Ok, ich gelobe Besserung und frage in die Runde: Gibt es in Düsseldorf ein wirklich gutes (also im Sinne von Herrn Takada) Sushi-Restaurant?

Make up gibt’s jetzt auch zum Sprühen

Ein Besuch meiner Mutter ist unter verschiedenen Aspekten als sehr lohnenswert zu beschreiben. Erstens: Am Telefon kann man mit ihr nicht ganz so ausführlich plaudern wie es in "Real life" funktioniert. Zweitens: Sie bringt meist Geschenke mit. Diesmal unter anderem eine riesige Tüte voll mit Äpfeln, deren Herkunft eine eigene Geschichte wäre, aber lassen wir das. Und drittens informiert ein Besuch von ihr ausführlichst über den technischen Fortschritt in der Kosmetikindustrie.

Denn meine Mutter besucht regelmäßig Drogeriemärkte und lässt sich dort sogar beraten. Ich muss zugeben, dass ich dies meist meide, weil lästig, durch meine Mutter weiß ich, dass ich dabei (leider) sehr viel verpasse.

Ihr neuestes Highlight in ihrer Kosmetiktasche war eine Sprayflasche von Dior. Und zwar "Dior AirFlash Spray Foundation", eine Grundierung, die man sich ins Gesicht sprüht. Natürlich musste ich das Zeugs sofort ausprobieren, hatte ich ja noch nie gesehen, so ein Make-up.

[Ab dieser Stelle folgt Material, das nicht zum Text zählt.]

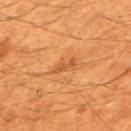Case summary:
– workup: imaged on a skin check; not biopsied
– subject: male, in their 60s
– automated lesion analysis: an area of roughly 2.5 mm², an outline eccentricity of about 0.95 (0 = round, 1 = elongated), and two-axis asymmetry of about 0.3
– imaging modality: ~15 mm crop, total-body skin-cancer survey
– location: the mid back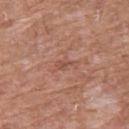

Ich sprühte mir das Zeugs also auf und es fühlte sich toll an: Kein Gefühl von dicker Schicht, die sich auf die Haut gelegt hat, keine fettige Creme, die Flüssigkeit war sofort verflogen, meine Haut hatte lediglich einen ebenen Teint. Toll.

Könnte also sein, dass demnächst ein neues Zeitalter anbricht: Ein Leben mit Make-up. Obwohl. Bin mir allerdings noch nicht sicher, ob ich dafür wirklich den stolzen Preis von 44,80 Euro ausgeben will.

PS: Internet ist toll. Es gibt so ein Spray-Ding angeblich auch von Shiseido. Auf deren Webseite hab ich dazu allerdings nichts gefunden.


Sei einiger Zeit gibt es bei meinem Arbeitgeber den „Tussi-Report“. Ich bin eine der „Tussis“. Den Text gibt’s da auch.

Die Super-Zahnstory

Schon mal die Erbsensuppe von der Plus-Marke Viva Vital probiert? Schmeckt super, auch wenn die Walnussstückchen mich zuerst vor eine große Herausforderung gestellt haben. Als ich die Suppe am Freitag abend aß, konnte ich auch nicht erkennen, dass es sich dabei um Walnuss handelte. Das hab ich erst gestern kapiert. Anscheinend war mein Geschmackssinn auch ein bisschen beeinträchtigt. Aber dass ich mal freiwillig Erbsensuppe esse. Heute morgen mein erstes Brötchen (sehr dünn geschnittene untere Hälfte, aber immerhin) gegessen. Beim Versuch, mal auf der linken Seite zu kauen, gemerkt, dass das Gefühl in den Wangenzähnen noch nicht wirklich zurückgekehrt ist.

Wird.

Der schwarze Freitag

Ziemlich beruhigend, wenn die Zahnärztin am Ende der Prozedur fragt, warum heute eigentlich alles schief gehe. (Zwei Stunden auf dem Stuhl!)

(Und dann kommt auch noch Pech dazu: Rechner fährt nicht mehr hoch, bleibt einfach alles schwarz. Arbeitsspeicher ist es nicht, Festplatte ist auch ok, am Akku ist auch nichts. Und die Diagnose des Fachmanns: Ziemlich unwahrscheinlich, dass die Reparatur unter 600 Euro kostet.)

Jetzt erstmal Kamillentee und Suppe.